La dette a explosé au Royaume-Uni comme ailleurs, à près de 100 % du PIB, du jamais vu depuis 1962 : à la fin de l’année plus de 300 milliards de livres auront été empruntées et plus de 400 milliards dépensées : et 43 milliards manquent au budget chaque année.

Restaurer la crédibilité budgétaire britannique devient donc urgent, moins peut-être pour les créanciers du Royaume que pour des raisons techniques, explique l’agence spécialisée l’Agefi : des taux d’intérêt et une hausse des rendements du Trésor plus élevés qu’en Union Européenne, un risque de dépendance aux financements étrangers et une livre moins souple que le dollar. Pour l'Agefi, le Ministre des Finances Rishi Sunak a fait le choix de cette crédibilité au risque d’affaiblir la compétitivité. 
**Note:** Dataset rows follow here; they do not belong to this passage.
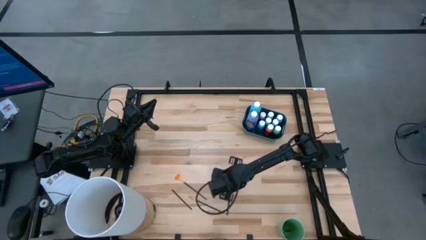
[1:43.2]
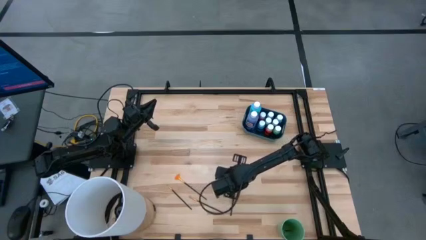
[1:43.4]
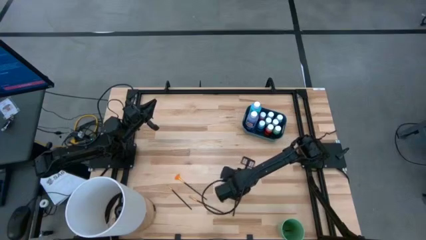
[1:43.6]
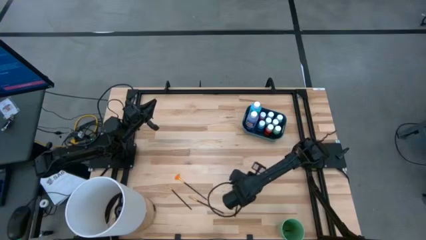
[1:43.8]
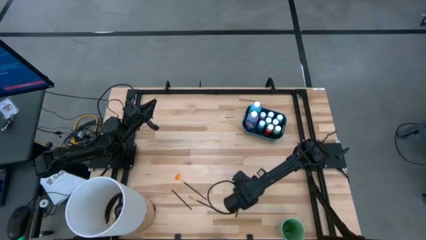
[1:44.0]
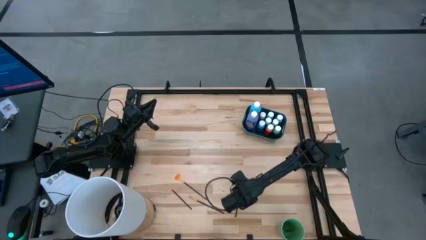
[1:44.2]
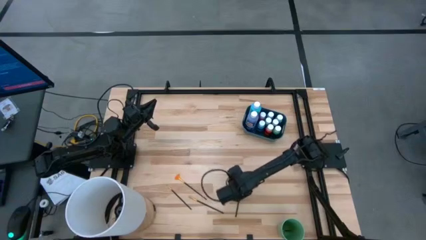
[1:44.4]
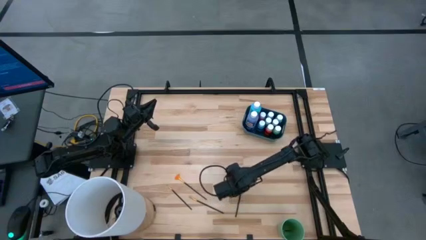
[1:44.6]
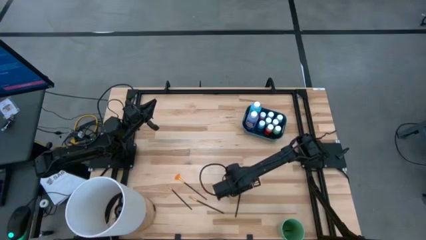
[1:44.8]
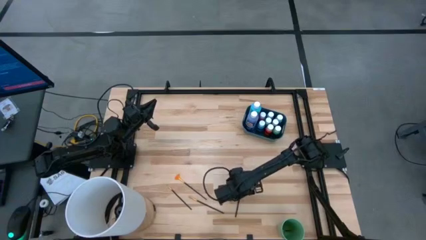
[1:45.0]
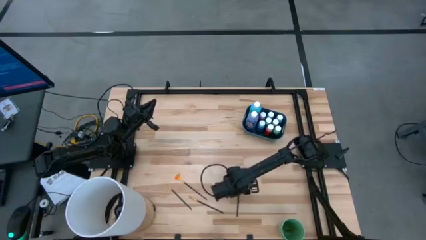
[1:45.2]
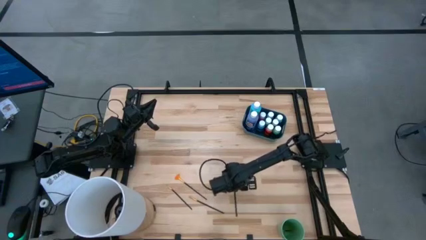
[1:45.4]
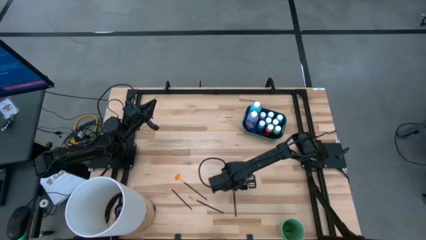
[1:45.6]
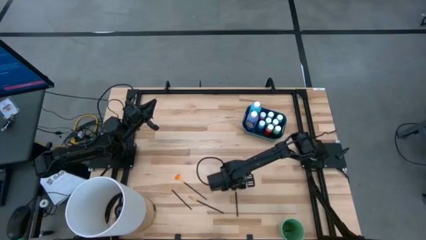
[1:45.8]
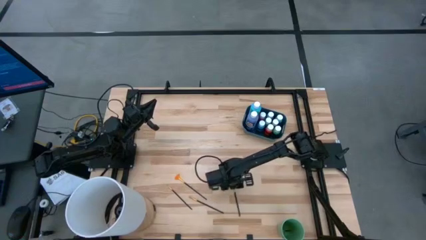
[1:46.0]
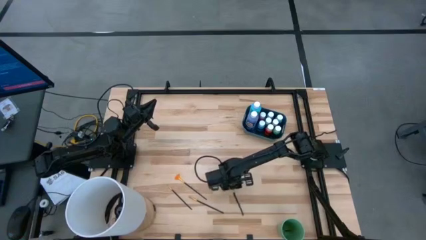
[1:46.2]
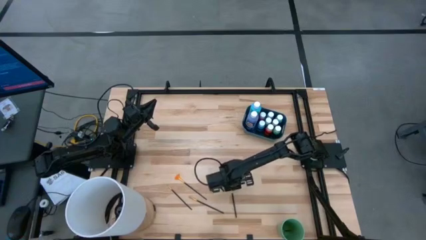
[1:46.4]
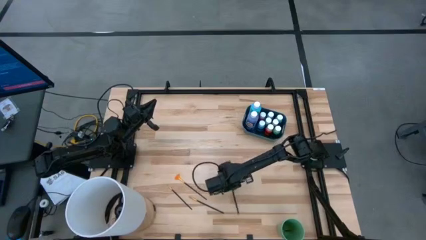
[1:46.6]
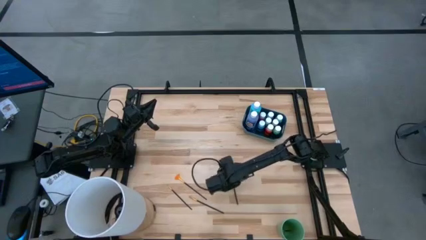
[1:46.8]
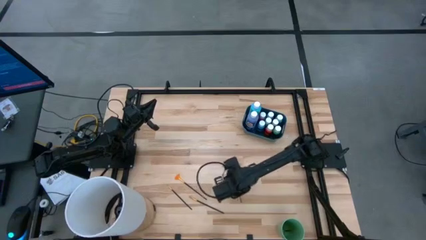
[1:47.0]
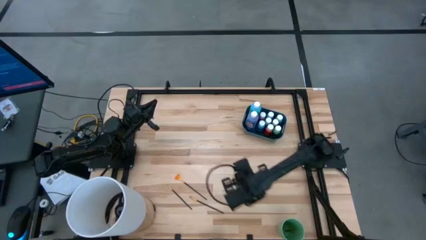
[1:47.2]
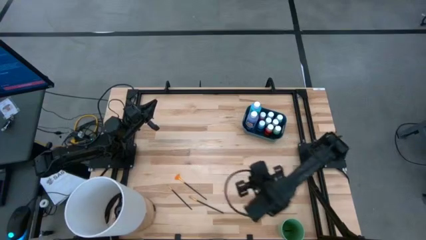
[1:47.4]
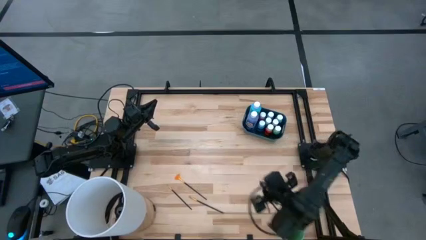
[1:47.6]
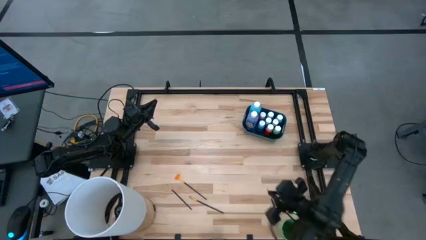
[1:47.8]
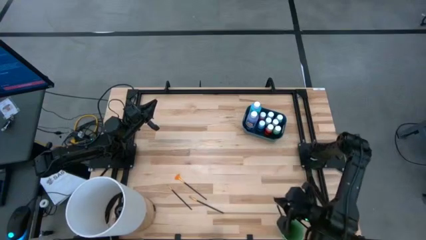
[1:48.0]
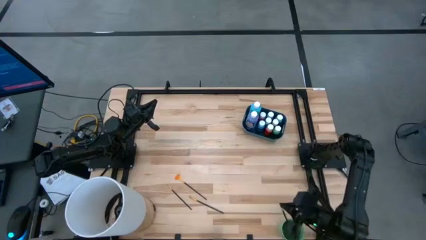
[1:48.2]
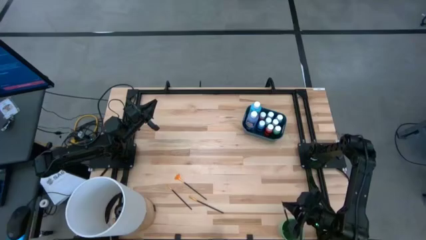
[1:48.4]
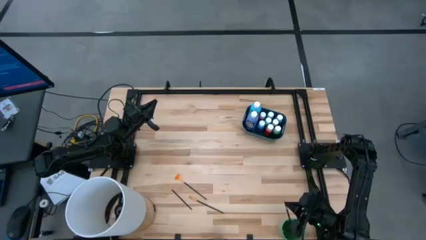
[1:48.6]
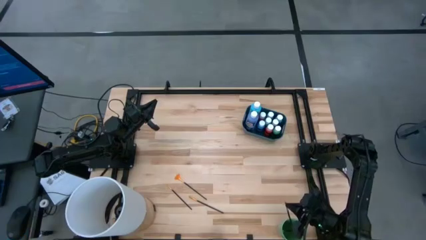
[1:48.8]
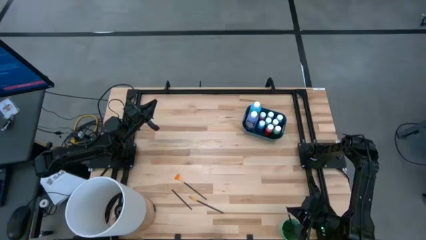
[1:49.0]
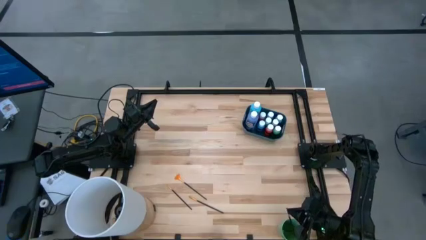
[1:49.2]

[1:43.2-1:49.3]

Une hausse d'impôts risquée ?  

Outre une tentative de « mutinerie » des députés Tories, deux anciens Chanceliers de l’Echiquier Nigel Lawson et George Osborne s’y sont opposés rapporte le correspondant des Echos à Londres Alexandre Counis, l’un jugeant « stupide » de vouloir devenir le parti des impôts élevés, l’autre est connu pour avoir proposé à l’époque de baisser cette taxe jusqu’à 15 %... 
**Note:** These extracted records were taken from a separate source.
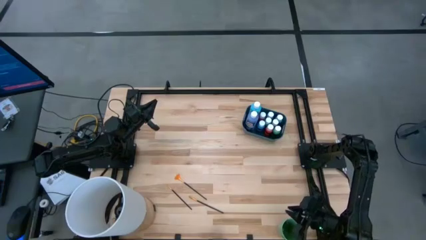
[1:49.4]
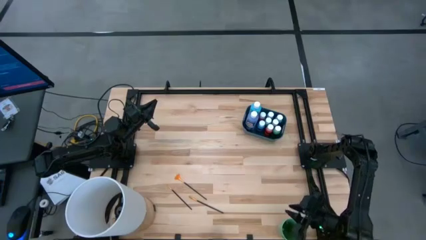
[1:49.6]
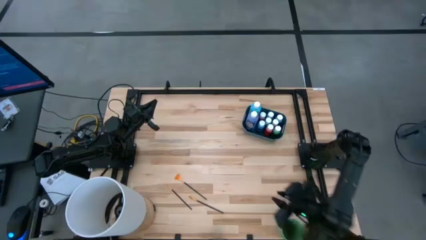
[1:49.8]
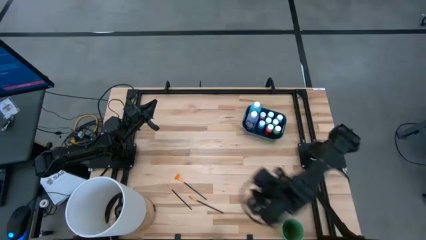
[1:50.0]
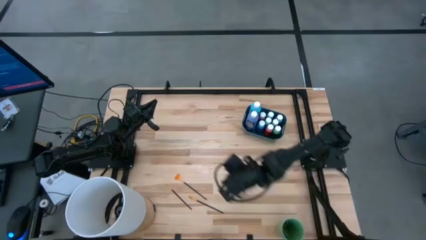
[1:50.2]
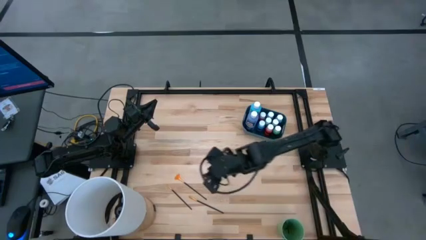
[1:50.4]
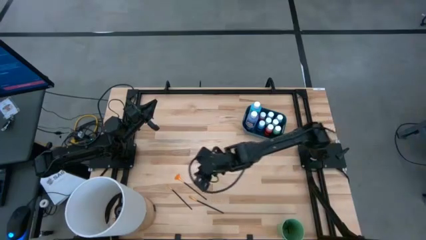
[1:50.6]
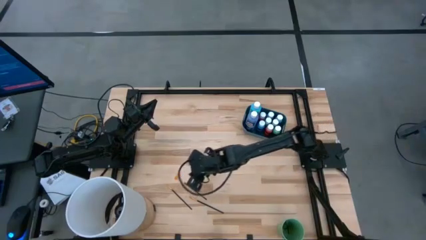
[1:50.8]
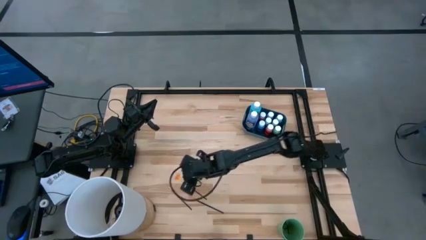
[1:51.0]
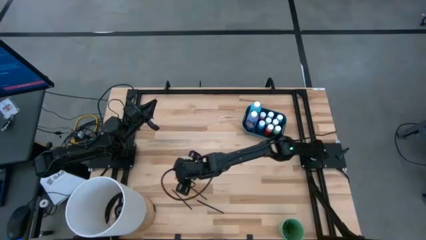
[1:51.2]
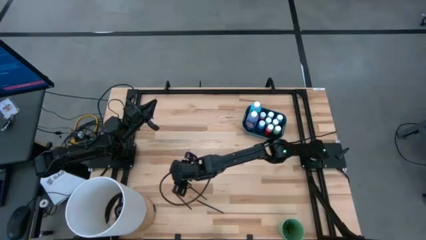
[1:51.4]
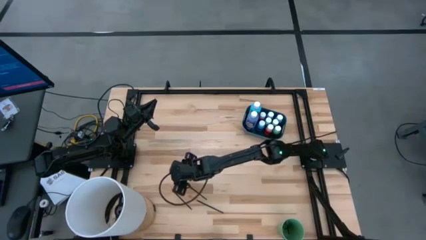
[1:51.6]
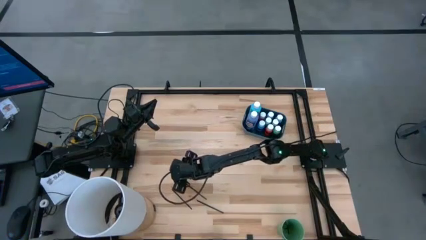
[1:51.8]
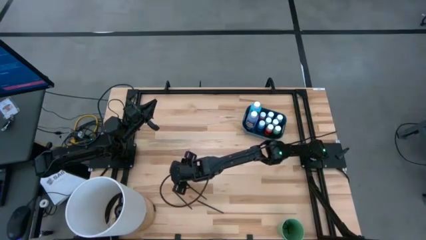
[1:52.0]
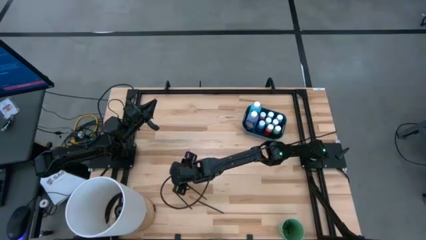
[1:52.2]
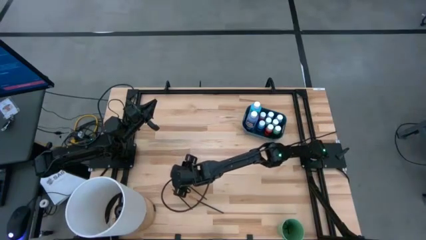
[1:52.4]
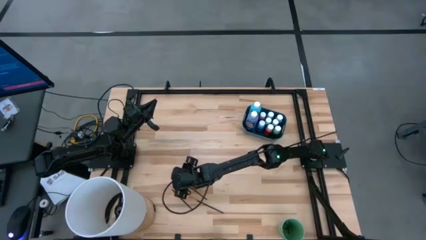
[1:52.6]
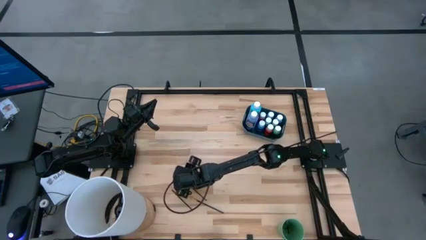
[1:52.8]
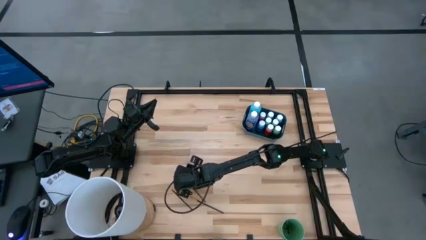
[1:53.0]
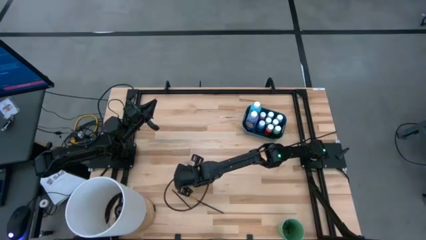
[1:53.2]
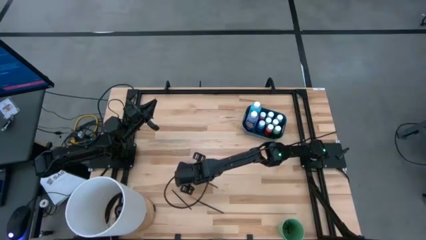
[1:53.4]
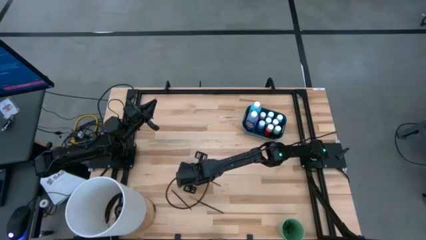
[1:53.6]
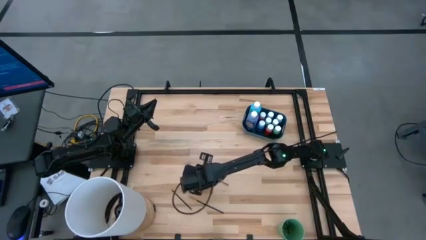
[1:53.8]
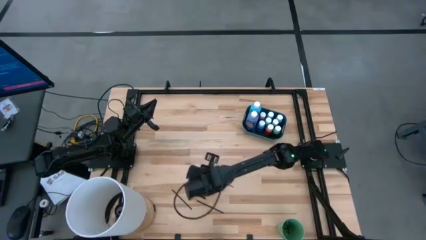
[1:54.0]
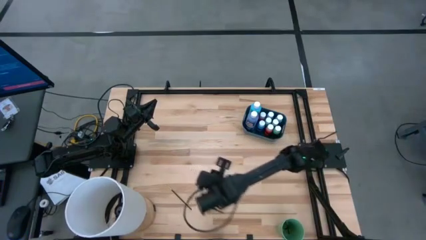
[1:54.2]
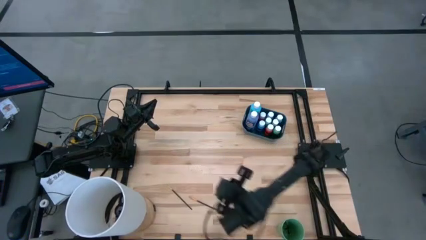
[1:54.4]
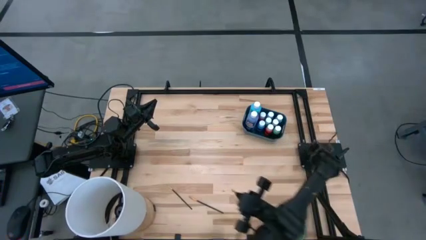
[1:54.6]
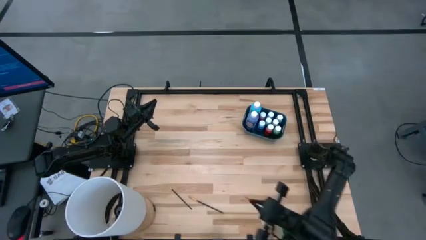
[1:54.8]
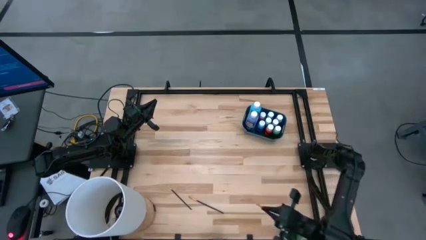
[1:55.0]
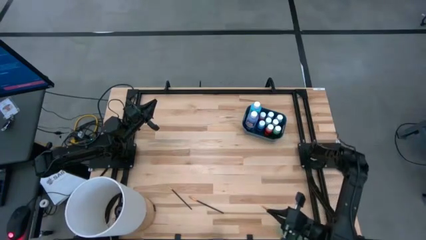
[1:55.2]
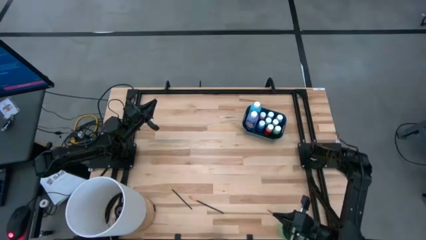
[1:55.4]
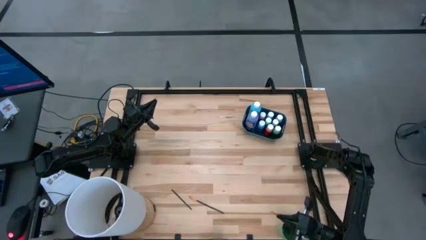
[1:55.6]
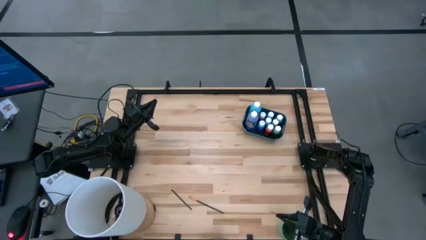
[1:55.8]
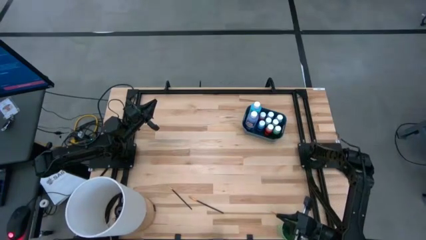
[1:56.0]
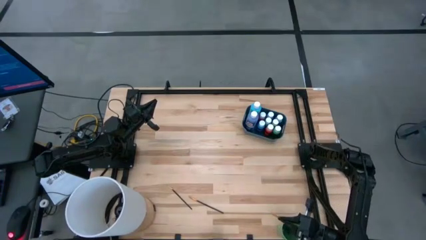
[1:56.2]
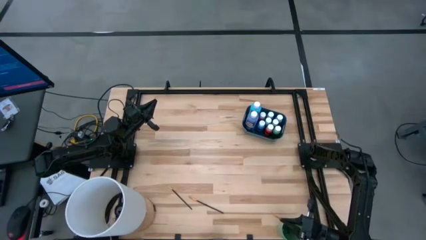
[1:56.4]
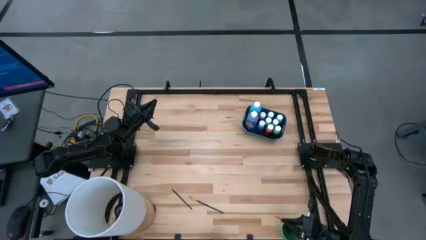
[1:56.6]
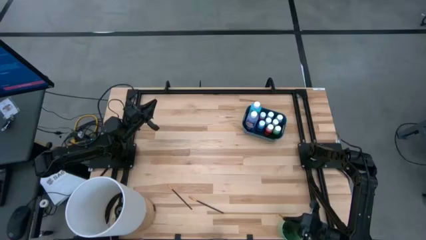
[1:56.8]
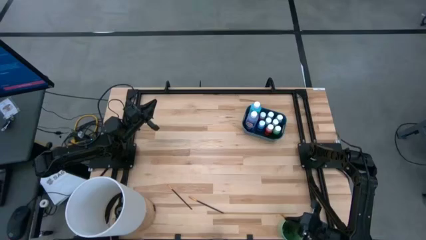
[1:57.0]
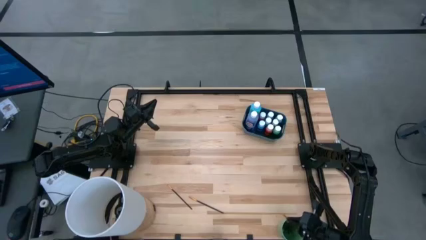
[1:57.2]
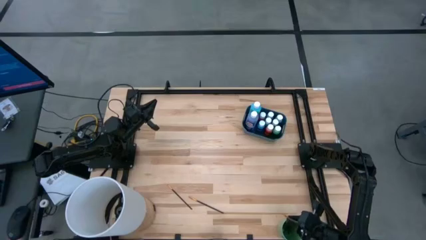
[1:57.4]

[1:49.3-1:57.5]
Put the yellow paint brush into the green cup

Et puis n’est-ce pas trop tôt et contre-productif en période de relance ? C’est l’argument avancé par le parti Travailliste, mais aussi par certains économistes comme Tom Clougherty, du Center for Policies Studies qui critique une double « erreur », la hausse d’impôt sur les entreprises serait la « plus dommageable en termes de PIB par habitant. Cela mène également à une baisse des salaires et des investissements inférieurs. »  
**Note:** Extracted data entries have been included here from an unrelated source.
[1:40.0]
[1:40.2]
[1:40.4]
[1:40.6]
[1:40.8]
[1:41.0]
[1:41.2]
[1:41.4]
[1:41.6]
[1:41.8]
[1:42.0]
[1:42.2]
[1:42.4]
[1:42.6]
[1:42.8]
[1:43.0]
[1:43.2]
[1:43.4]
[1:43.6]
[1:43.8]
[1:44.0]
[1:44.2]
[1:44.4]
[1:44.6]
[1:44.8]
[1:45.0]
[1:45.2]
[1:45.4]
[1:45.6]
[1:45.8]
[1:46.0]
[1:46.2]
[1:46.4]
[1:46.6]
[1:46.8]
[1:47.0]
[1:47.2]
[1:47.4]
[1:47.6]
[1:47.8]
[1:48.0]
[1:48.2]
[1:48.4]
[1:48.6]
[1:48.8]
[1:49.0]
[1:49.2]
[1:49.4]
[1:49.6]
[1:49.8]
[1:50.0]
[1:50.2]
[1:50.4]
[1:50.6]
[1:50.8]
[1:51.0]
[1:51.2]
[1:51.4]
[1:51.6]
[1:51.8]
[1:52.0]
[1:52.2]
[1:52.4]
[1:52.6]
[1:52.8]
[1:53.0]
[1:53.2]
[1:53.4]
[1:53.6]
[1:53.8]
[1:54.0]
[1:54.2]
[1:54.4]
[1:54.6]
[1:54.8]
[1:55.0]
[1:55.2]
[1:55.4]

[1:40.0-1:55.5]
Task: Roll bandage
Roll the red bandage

Mais avec ces hausses d’impôt sur le revenus et les entreprises, le Royaume-Uni pourrait dégager au moins 16 Mrd £ par an ; et pour le Financial Times, dépenser plus sans envisager de hausse d’impôt aurait été comme le vœu de Saint Augustin : « Seigneur, donne-moi la chasteté, mais pas tout de suite. » 

Prudence du gouvernement britannique

Boris Johnson a pris certaines précautions politiques, puisqu’en réalité l’impôt sur le revenu n’augmente pas, c’est son seuil qui est gelé pour 3 ans et qui fait augmenter la masse des citoyens imposables ; quant à l’impôt sur les entreprises, il épargnera les PME et sera allégé pour les plus grandes par un système de défiscalisation de l'investissement ; et son augmentation effective n'interviendrait qu’en 2023, année des prochaines élections générales. 

Le Ministre des finances Rishi Sunak prévient : « Même après la hausse d’impôt, la taille de l’Etat britannique reste inférieure à la moyenne de celle des pays européens »…

En France : quand trouver la « chasteté » budgétaire ? 

Dès le premier confinement, les propositions de hausses d'impôts se sont multipliées en France et, avec une dette à 120 % du PIB, chaque semaine en apporte de nouvelles : de Thomas Piketty jusqu’à Philippe Aghion, sans compter les politiques : impôt exceptionnel sur les gains des entreprises favorisées par le Covid, ISF temporaire, taxation de l’épargne, : c’est le printemps perpétuel de la taxation.

Quand, comment et par qui faire payer l’assainissement budgétaire ? Pour beaucoup d’économistes institutionnels interrogés par _Les Echos (_Xavier Timbeau de l'OFCE ou Olivier Blanchard qui vient de publier un rapport pour le gouvernement), taxer maintenant présenterait trop de risques d’évasion fiscale ou d’épargne ou ne serait simplement pas utile tant que la croissance permet de payer la charge de la dette. 

Pour d’autres, l’argument est aussi le calendrier : autant laisser mûrir le débat pour l'élection présidentielle de 2022 plutôt que d’en tirer des hausses d’impôts hâtives, plus politiques qu’économiques. Bruno Le Maire répète imperturbable qu’il ne le fera pas pendant son mandat.